DATASET section start

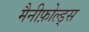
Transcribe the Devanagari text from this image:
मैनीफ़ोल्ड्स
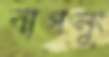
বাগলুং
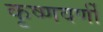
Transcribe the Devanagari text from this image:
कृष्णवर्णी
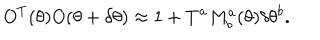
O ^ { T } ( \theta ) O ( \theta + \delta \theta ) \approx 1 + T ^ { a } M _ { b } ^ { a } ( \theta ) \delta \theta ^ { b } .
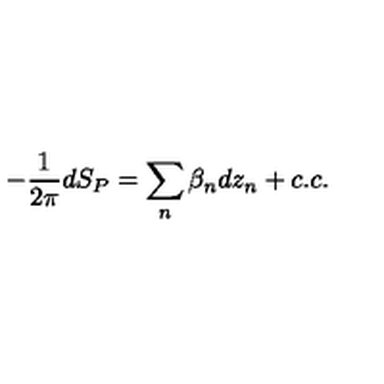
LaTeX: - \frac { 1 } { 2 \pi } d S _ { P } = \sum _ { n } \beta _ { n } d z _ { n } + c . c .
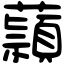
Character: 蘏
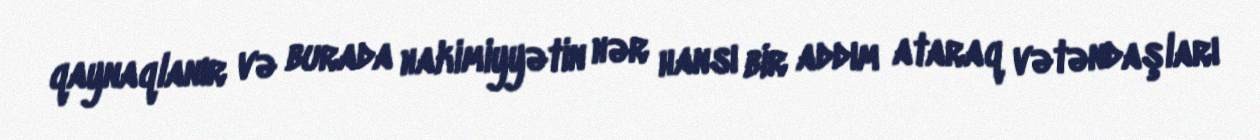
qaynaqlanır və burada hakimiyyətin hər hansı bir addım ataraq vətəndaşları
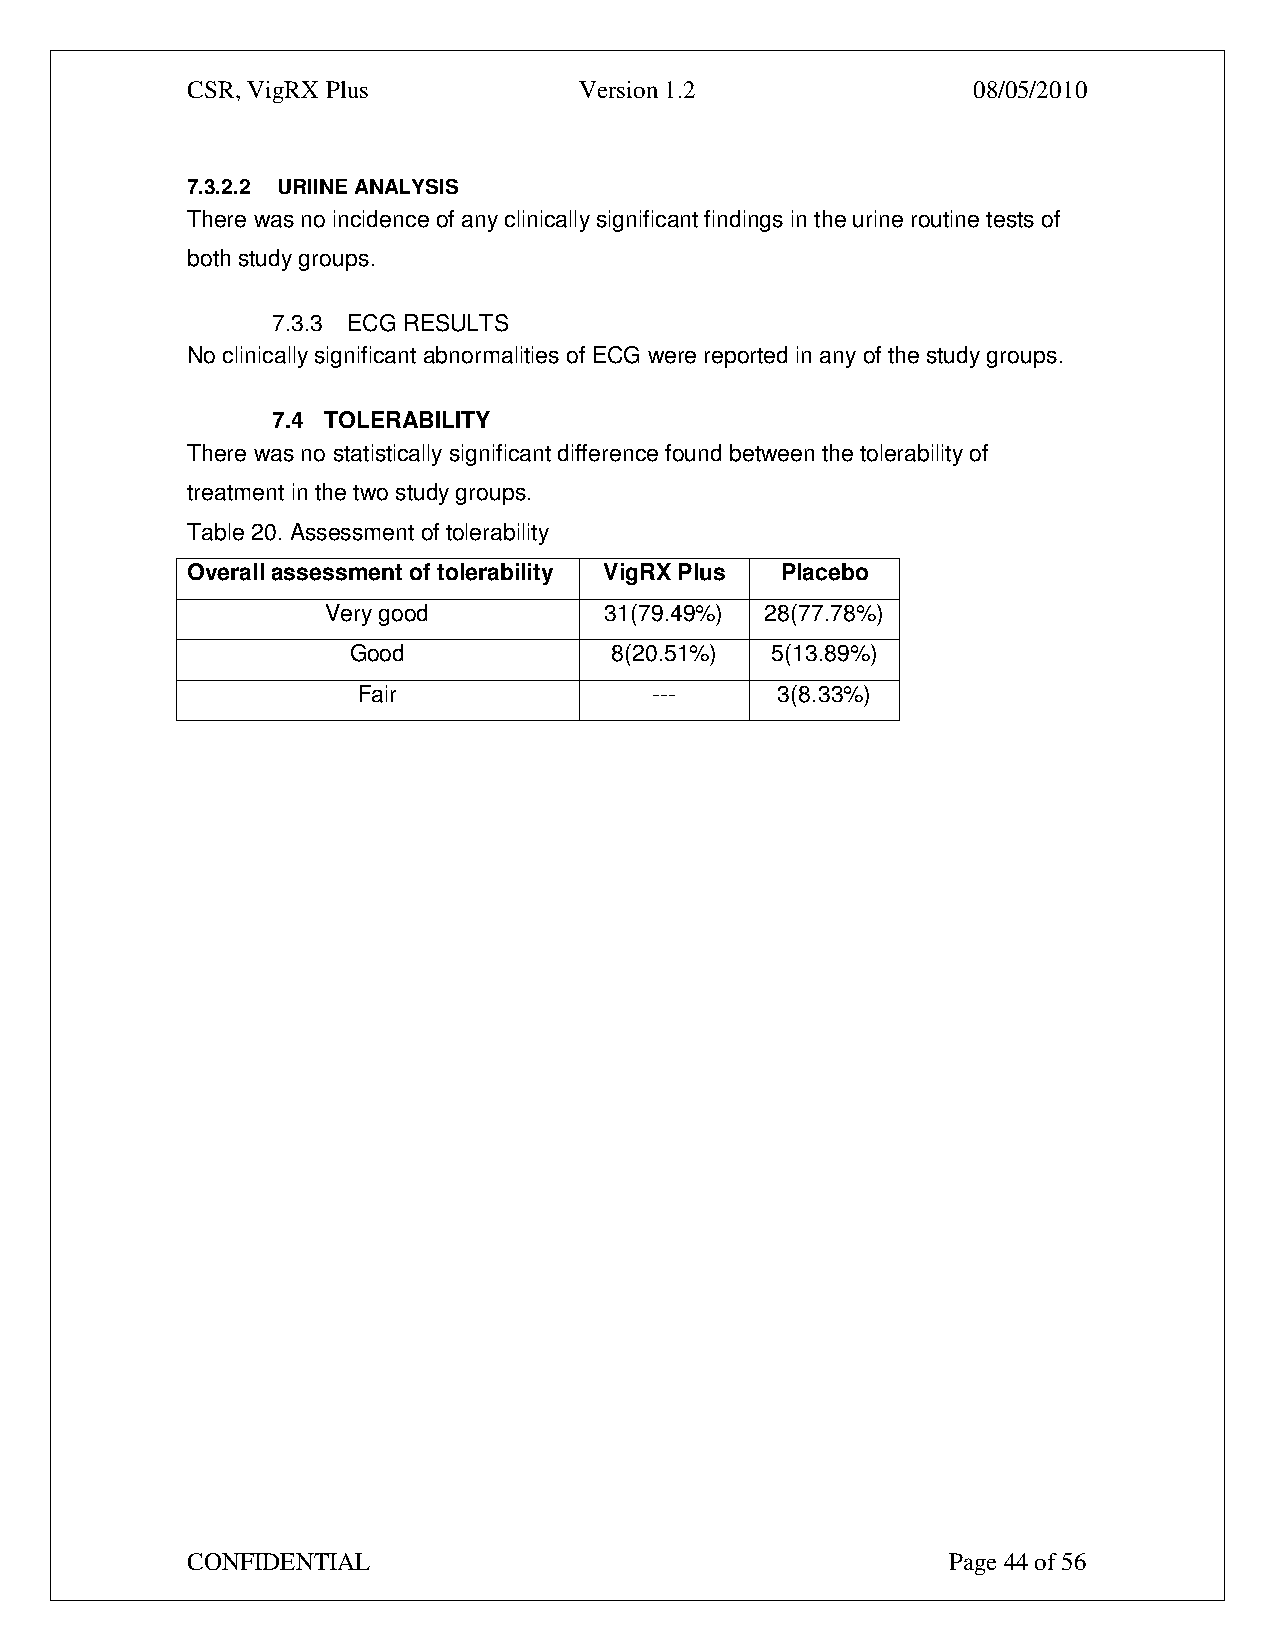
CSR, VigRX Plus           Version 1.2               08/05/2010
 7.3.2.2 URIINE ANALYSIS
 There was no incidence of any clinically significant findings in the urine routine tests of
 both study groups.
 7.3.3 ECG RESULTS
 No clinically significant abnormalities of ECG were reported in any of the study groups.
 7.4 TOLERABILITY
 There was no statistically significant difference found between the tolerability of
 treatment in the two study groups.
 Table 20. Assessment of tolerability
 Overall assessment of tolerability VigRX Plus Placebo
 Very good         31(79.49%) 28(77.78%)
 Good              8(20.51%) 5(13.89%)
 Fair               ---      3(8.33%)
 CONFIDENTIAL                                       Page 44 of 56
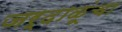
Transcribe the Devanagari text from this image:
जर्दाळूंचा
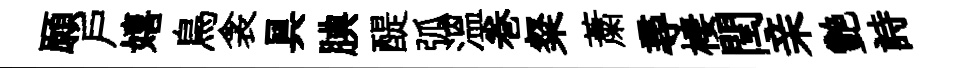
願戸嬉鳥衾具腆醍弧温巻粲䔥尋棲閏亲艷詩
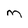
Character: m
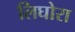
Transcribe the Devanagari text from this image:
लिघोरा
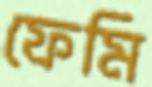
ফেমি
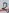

DATASET section end

All lines from the one that contains "Character: 蘏" through the last line of the data should be retyped exactly, with the pictures left out.

Character: 蘏
qaynaqlanır və burada hakimiyyətin hər hansı bir addım ataraq vətəndaşları
CSR, VigRX Plus           Version 1.2               08/05/2010
 7.3.2.2 URIINE ANALYSIS
 There was no incidence of any clinically significant findings in the urine routine tests of
 both study groups.
 7.3.3 ECG RESULTS
 No clinically significant abnormalities of ECG were reported in any of the study groups.
 7.4 TOLERABILITY
 There was no statistically significant difference found between the tolerability of
 treatment in the two study groups.
 Table 20. Assessment of tolerability
 Overall assessment of tolerability VigRX Plus Placebo
 Very good         31(79.49%) 28(77.78%)
 Good              8(20.51%) 5(13.89%)
 Fair               ---      3(8.33%)
 CONFIDENTIAL                                       Page 44 of 56
Transcribe the Devanagari text from this image:
जर्दाळूंचा
願戸嬉鳥衾具腆醍弧温巻粲䔥尋棲閏亲艷詩
Character: m
Transcribe the Devanagari text from this image:
लिघोरा
ফেমি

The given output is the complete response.